I like the detail about Ean tugging on Tala’s wings. It’s great because it’s a good lead into the fact that she has wings, and also shows their familiar relationship.

So it seems like Ean is an engineer of infrastructure while Tala does weapons? I like the interactions between them, their personalities balance each other’s nicely. I especially like the different ways they react to the twins.

[The sounds of turning wheels… submerged him] So I think you have some great imagery and onomatopoeia going on in the story, but I also think the gerund-noun combo here is way too much of a good thing. Perhaps the intended effect is to overwhelm and totally saturate the atmosphere, but I think that mission is accomplished at 4-5 of these little phrases. I personally don’t think additional phrases add much to what you already have, and on top of that, the eye tends to wonder.

[flowing, falling and crashing] In contrast, I think here the imagery is really vivid, concise, and well placed.

Okey-doke, so the plot thickens. I’m guessing Ean will be one of if not the protagonist of the story? I think you set up the introduction to his character nicely. He seems to have knowledge and interest in the mechanisms of things, which may come in handy when he goes on this quest. He’s a little shy/reserved in a nice way, and obviously cares about his people.

He’s obviously anxious about the safety of his people, but he does the princely thing and doesn’t show it. I think you successfully set up enough characterization to pique the audience’s interest in seeing how he handles the situation. Nicely done!
shadowstrike31415 chapter 3 . 1/10/2016
Maybe describe the dragon more?

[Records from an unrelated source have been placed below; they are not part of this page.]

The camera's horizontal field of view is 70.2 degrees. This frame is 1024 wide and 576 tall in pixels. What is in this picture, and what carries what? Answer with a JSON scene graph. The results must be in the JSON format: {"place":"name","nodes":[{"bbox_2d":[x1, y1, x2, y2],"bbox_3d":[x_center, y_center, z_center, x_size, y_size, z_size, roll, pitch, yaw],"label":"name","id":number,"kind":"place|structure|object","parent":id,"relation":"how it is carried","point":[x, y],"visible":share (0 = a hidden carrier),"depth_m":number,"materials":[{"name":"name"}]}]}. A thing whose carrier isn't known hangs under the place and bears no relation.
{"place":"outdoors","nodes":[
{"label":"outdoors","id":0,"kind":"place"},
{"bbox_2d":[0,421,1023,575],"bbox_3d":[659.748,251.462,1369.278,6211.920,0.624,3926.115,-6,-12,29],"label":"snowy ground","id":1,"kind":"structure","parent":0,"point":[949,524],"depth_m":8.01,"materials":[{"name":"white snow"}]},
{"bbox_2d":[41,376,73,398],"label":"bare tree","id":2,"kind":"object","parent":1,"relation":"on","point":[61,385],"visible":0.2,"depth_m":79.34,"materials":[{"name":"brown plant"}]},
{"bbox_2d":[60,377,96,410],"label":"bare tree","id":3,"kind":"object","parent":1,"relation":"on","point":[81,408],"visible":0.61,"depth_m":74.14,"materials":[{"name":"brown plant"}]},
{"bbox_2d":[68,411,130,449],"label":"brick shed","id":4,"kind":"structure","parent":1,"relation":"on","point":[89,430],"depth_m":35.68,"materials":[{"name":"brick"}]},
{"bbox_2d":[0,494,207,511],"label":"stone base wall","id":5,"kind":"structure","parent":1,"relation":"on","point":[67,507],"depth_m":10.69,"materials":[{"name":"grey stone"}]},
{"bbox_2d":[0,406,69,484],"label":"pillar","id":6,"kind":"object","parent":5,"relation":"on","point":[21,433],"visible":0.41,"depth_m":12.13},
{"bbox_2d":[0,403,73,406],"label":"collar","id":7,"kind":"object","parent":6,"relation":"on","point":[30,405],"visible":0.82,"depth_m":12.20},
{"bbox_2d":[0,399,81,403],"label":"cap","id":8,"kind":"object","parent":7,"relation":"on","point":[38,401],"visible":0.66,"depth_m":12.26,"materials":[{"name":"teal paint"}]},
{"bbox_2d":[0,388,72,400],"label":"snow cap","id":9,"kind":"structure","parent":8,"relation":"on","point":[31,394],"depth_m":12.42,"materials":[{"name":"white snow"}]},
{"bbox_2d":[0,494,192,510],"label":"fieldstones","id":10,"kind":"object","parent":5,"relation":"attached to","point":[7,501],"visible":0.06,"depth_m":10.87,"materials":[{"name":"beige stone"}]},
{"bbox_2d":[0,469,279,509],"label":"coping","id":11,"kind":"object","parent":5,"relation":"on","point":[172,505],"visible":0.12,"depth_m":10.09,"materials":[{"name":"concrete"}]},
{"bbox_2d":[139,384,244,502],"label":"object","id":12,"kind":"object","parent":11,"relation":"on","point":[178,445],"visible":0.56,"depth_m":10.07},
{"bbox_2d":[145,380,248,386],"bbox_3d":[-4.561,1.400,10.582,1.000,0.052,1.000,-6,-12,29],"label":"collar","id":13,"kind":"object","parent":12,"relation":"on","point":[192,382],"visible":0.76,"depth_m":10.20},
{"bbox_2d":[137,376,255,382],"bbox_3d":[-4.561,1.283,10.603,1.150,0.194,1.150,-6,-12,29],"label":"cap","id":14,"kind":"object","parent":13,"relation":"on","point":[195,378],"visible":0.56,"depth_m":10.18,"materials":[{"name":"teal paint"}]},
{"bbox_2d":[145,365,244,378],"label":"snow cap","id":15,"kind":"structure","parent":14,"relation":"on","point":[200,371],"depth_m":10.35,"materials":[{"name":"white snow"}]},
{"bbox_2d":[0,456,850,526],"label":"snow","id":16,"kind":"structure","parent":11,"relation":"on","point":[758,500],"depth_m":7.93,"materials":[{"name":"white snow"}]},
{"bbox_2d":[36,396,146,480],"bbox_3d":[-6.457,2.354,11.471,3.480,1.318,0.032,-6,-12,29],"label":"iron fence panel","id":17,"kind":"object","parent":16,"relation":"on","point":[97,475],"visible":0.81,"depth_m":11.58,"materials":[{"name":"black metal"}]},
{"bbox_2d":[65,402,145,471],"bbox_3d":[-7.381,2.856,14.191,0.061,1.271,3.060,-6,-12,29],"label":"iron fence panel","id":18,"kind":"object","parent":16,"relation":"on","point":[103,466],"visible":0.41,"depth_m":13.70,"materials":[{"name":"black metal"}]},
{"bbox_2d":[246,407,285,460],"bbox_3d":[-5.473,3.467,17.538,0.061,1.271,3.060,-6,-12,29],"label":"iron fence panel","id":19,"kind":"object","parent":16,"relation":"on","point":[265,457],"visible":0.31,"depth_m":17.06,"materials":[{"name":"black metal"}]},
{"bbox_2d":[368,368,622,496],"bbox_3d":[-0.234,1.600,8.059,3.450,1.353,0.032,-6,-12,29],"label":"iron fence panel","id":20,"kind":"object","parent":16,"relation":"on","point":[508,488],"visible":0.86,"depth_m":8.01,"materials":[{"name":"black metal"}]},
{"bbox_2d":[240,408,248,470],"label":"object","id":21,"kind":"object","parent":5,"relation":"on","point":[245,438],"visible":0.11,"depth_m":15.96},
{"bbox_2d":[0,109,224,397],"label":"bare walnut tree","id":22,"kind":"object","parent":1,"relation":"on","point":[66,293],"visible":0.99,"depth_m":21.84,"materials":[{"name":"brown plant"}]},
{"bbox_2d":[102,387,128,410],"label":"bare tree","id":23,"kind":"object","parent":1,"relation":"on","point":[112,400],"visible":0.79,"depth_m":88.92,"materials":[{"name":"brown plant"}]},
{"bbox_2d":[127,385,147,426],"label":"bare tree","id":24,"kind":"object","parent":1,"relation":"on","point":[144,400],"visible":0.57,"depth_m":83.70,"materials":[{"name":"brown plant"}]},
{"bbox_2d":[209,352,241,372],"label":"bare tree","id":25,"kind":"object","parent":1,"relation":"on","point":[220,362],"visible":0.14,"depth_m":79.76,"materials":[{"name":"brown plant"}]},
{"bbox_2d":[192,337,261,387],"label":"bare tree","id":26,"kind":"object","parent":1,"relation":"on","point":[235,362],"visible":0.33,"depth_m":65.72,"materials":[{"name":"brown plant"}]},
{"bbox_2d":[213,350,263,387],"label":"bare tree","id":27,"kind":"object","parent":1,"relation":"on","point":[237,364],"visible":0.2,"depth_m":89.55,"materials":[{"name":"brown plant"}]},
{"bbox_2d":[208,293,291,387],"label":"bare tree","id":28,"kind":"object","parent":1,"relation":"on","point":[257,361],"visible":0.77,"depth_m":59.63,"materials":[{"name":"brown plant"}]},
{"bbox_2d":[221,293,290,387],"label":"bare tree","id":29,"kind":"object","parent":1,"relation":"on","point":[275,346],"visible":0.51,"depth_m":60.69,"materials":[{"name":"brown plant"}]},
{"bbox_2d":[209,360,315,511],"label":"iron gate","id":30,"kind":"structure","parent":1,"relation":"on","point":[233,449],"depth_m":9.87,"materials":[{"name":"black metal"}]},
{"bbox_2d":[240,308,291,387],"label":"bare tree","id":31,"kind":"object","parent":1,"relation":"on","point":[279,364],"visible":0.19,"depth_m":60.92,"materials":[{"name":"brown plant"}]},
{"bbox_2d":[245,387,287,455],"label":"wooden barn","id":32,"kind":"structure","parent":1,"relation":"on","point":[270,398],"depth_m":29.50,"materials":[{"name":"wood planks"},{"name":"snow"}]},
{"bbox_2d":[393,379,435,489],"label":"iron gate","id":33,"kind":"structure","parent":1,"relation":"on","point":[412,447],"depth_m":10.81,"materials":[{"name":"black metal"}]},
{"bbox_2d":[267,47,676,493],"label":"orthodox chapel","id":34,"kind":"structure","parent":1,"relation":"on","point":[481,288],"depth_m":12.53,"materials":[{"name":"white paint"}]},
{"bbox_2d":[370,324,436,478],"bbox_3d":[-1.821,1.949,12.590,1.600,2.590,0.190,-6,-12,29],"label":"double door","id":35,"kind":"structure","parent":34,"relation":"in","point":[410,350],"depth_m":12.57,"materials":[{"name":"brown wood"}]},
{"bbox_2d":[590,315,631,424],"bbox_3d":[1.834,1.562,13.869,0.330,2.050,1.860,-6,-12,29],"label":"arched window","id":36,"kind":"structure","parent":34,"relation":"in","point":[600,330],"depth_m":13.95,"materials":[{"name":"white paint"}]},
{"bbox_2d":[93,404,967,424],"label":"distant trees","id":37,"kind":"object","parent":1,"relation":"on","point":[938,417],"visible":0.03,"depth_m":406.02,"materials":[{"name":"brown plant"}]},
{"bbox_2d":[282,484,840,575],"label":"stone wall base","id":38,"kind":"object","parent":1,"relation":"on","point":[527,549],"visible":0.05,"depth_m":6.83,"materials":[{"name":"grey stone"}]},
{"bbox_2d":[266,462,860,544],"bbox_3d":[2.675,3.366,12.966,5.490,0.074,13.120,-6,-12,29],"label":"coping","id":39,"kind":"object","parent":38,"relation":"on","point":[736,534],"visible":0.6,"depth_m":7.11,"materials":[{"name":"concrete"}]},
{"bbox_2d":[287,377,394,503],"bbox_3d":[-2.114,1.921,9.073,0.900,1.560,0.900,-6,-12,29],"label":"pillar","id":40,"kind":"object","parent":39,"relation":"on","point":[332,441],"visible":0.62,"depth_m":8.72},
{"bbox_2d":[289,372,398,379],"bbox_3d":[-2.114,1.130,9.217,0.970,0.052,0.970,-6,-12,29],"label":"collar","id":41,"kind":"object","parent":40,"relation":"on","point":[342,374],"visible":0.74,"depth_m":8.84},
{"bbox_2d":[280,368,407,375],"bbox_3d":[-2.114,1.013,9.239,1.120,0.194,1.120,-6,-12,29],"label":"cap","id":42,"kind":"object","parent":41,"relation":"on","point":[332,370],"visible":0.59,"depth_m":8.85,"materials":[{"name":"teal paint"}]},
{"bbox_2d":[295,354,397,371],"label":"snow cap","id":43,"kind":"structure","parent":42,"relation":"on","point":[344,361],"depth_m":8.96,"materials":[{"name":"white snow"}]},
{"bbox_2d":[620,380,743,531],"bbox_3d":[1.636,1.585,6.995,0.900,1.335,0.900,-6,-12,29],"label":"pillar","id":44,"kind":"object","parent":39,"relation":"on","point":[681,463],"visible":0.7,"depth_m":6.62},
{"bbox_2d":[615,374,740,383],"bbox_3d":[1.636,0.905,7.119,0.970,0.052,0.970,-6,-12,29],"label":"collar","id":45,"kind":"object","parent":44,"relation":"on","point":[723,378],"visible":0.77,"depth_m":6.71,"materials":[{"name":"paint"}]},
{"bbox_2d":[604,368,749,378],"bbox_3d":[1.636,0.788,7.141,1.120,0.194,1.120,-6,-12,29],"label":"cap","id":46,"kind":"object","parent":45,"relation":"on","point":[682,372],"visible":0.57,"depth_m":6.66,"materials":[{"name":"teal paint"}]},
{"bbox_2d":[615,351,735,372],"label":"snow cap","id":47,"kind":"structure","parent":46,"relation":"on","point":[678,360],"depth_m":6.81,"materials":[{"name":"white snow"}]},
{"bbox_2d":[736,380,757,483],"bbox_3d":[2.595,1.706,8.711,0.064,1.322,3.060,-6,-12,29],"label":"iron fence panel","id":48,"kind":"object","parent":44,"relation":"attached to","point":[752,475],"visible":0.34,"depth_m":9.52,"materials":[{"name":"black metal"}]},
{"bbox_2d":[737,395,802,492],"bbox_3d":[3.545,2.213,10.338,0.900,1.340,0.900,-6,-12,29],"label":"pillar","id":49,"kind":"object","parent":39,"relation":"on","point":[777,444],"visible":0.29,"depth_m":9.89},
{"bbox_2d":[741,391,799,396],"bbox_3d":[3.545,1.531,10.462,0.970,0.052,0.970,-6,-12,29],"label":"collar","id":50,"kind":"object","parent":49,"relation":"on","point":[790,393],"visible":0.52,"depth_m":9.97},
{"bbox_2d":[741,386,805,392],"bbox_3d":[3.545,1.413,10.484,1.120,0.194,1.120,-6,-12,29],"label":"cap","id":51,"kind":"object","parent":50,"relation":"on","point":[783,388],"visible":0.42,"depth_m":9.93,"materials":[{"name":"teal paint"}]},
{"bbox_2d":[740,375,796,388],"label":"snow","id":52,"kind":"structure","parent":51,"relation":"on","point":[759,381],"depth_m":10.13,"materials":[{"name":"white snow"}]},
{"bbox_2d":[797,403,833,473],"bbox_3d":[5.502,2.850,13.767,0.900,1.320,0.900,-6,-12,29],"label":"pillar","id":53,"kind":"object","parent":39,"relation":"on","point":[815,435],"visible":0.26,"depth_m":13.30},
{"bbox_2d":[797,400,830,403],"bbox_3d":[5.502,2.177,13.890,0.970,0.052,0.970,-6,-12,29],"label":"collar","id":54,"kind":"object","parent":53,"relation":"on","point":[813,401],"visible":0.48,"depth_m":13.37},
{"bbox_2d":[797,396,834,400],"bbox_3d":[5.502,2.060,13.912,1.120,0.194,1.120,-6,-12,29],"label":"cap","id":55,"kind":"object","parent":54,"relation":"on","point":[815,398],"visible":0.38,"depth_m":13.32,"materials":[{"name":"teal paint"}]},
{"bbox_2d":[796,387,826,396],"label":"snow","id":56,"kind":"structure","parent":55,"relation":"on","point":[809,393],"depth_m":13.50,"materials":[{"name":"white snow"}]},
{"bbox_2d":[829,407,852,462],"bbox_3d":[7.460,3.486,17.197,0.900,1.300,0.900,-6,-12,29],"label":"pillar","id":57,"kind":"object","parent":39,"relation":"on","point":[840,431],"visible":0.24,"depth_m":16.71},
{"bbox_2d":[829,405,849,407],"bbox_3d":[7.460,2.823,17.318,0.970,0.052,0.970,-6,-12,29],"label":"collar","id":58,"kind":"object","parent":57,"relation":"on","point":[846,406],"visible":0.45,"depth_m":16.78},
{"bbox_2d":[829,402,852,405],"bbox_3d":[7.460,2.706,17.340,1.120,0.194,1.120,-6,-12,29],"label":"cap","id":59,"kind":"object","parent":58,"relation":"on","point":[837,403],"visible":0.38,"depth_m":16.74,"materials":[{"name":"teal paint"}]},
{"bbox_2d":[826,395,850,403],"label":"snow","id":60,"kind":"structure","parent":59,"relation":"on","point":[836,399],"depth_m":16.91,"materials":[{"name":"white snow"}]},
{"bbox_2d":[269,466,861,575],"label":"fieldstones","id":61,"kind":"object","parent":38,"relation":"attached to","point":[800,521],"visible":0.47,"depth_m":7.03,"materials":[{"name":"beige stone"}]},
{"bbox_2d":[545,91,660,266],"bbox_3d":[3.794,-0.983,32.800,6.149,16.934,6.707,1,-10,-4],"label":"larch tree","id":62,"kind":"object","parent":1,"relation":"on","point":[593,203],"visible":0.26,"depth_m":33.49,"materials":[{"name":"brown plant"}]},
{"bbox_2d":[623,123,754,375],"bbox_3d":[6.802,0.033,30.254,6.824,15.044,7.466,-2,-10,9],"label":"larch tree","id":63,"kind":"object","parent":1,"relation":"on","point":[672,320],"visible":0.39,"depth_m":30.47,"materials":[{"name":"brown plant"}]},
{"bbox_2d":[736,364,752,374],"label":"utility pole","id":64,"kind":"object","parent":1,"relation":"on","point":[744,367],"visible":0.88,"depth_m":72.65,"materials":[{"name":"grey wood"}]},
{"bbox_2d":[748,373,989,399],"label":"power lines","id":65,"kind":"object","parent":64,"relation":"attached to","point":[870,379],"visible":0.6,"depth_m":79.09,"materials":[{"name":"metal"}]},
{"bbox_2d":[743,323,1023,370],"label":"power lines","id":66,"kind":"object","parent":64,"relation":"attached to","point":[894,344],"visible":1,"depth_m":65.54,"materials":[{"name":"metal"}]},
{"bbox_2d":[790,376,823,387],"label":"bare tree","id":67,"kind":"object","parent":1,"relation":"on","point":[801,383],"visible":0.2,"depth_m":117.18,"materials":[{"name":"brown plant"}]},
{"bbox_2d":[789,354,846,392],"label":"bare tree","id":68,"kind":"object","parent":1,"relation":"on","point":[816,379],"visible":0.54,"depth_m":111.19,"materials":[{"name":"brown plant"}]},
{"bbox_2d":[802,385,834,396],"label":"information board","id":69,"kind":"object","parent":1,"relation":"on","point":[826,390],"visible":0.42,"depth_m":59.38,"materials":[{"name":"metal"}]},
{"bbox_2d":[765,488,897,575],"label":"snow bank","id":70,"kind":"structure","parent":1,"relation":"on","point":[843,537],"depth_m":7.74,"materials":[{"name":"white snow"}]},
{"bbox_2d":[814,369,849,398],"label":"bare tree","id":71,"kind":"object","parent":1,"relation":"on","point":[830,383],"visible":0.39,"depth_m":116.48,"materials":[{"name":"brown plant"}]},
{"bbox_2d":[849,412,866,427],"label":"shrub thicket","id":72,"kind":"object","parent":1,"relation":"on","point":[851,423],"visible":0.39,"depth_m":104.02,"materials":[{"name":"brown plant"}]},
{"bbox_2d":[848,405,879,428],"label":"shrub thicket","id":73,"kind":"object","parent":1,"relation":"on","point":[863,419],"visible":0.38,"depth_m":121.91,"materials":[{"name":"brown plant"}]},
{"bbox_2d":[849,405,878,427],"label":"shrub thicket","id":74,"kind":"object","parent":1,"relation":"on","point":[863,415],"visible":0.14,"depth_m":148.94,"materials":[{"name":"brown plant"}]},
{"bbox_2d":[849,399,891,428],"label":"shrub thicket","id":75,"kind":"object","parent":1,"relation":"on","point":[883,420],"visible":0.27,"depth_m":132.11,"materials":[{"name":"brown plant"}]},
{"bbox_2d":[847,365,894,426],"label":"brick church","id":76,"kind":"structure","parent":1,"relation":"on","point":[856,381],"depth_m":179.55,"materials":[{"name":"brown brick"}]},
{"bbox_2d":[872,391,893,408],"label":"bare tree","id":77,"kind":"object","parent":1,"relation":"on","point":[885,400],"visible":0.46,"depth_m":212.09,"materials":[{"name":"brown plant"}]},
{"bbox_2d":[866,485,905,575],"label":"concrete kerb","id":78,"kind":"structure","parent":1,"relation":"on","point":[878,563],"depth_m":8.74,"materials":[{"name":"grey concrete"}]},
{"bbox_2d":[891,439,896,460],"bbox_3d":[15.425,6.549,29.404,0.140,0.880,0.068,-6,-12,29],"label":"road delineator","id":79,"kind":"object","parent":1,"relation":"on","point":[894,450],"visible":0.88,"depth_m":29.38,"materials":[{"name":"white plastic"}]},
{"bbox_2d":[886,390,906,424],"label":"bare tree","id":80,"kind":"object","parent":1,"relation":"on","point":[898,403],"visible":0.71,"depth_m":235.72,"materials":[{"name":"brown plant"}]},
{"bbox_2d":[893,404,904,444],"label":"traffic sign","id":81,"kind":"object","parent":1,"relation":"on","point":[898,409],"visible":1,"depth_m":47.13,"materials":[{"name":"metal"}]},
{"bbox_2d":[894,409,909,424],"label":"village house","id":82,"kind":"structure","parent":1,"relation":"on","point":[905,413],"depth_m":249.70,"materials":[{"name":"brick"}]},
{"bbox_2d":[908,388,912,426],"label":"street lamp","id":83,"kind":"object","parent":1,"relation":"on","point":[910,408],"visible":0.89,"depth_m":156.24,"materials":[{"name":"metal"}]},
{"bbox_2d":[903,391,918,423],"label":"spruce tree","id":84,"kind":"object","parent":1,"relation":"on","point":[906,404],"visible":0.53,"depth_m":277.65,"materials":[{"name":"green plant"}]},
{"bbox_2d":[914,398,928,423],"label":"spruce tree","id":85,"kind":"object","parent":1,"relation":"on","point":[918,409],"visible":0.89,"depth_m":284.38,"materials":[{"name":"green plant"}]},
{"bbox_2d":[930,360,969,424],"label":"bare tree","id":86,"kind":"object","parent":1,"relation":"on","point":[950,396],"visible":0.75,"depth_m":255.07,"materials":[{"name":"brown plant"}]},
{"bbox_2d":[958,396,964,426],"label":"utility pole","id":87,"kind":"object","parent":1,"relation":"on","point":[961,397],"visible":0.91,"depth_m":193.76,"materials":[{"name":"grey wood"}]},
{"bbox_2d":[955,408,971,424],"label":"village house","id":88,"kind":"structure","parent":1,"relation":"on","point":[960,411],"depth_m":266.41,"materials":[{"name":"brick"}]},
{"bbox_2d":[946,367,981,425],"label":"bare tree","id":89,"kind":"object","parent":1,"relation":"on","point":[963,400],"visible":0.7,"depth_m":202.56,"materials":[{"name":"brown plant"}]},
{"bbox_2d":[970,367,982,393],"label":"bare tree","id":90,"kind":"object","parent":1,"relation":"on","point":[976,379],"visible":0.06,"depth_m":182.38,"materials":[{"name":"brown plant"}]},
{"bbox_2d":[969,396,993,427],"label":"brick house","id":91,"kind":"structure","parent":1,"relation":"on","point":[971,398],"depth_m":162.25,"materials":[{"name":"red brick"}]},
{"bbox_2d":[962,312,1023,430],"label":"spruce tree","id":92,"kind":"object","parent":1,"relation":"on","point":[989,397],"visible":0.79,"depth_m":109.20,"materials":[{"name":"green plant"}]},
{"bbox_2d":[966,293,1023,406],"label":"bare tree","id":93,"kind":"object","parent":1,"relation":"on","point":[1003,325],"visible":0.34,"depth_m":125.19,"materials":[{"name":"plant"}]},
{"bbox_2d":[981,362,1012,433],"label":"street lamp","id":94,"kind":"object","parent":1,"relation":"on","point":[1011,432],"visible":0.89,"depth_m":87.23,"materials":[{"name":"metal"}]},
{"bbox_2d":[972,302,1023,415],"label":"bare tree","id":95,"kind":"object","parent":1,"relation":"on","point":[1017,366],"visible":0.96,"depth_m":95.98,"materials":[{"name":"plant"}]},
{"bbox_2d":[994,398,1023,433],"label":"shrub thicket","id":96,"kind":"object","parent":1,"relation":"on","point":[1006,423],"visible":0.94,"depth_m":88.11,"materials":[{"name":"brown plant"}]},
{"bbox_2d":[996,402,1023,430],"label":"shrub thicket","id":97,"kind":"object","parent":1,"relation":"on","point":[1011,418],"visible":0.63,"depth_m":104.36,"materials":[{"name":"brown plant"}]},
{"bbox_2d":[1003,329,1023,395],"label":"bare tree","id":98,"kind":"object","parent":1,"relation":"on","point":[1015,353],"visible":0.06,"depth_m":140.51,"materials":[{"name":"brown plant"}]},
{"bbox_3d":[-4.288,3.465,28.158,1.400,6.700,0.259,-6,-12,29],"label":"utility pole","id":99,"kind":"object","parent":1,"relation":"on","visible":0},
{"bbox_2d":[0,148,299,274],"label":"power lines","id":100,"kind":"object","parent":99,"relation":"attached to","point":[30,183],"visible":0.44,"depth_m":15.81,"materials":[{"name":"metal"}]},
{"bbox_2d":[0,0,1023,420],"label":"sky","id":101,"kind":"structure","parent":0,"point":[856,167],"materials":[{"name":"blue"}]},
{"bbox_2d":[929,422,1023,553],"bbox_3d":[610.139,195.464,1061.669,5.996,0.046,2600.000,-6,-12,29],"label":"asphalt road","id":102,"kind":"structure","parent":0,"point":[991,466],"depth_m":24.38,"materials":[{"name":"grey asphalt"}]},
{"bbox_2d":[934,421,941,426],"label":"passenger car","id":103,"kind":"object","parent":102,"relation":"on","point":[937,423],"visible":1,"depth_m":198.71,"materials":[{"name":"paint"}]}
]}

Is she humanoid to some extent to be able to "blend in"? Also, what specific creatures do you have in here. You mentioned one with pointed ears and wings, but I couldn't picture it because it wasn't described that much other than simply the sings and ears... :(
Whirlymerle chapter 1 . 1/6/2016
Hi there! Returning your review!

[or a human form linger at a window] I think it reads better as “a human form would linger” to match “a shadow would pass”

I like the opening of “could fire be cold,” and later, the line “she was fire.” At first, the opening line is intriguing because it’s kind of philosophical but when we read further, we realize that the line is actually talking about Ember being cold, so I thought that was really cool.

I think the recharging power via sunlight idea is pretty cool. Yay solar power! ;D

One thing that I think is very successful in this chapter is the amount of tension that sustains this chapter. I was definitely reading with bated breath, thinking, is she gonna make it. I think the fact that you outlined her plan and described each step so vividly made the chapter work very well.

My biggest question reading the piece is how big is Ember? She has “vast wings” but can she really fit in the gate of a cattle pen? I didn’t quite get why she can’t just fly low over the gate. Would that really make her more noticeable than a creaking gate? I know you discussed a bit about her rationale for her decisions, but I’d appreciate a bit more.

That said, maybe my questions will be answered in following chapters—there’s no need to info dump in the first chapter. I will be patent ;). I think it’s really neat that the protagonist of your story is a dragon. I would be interested in seeing where you take the story.

Overall, very well written chapter. Nice work!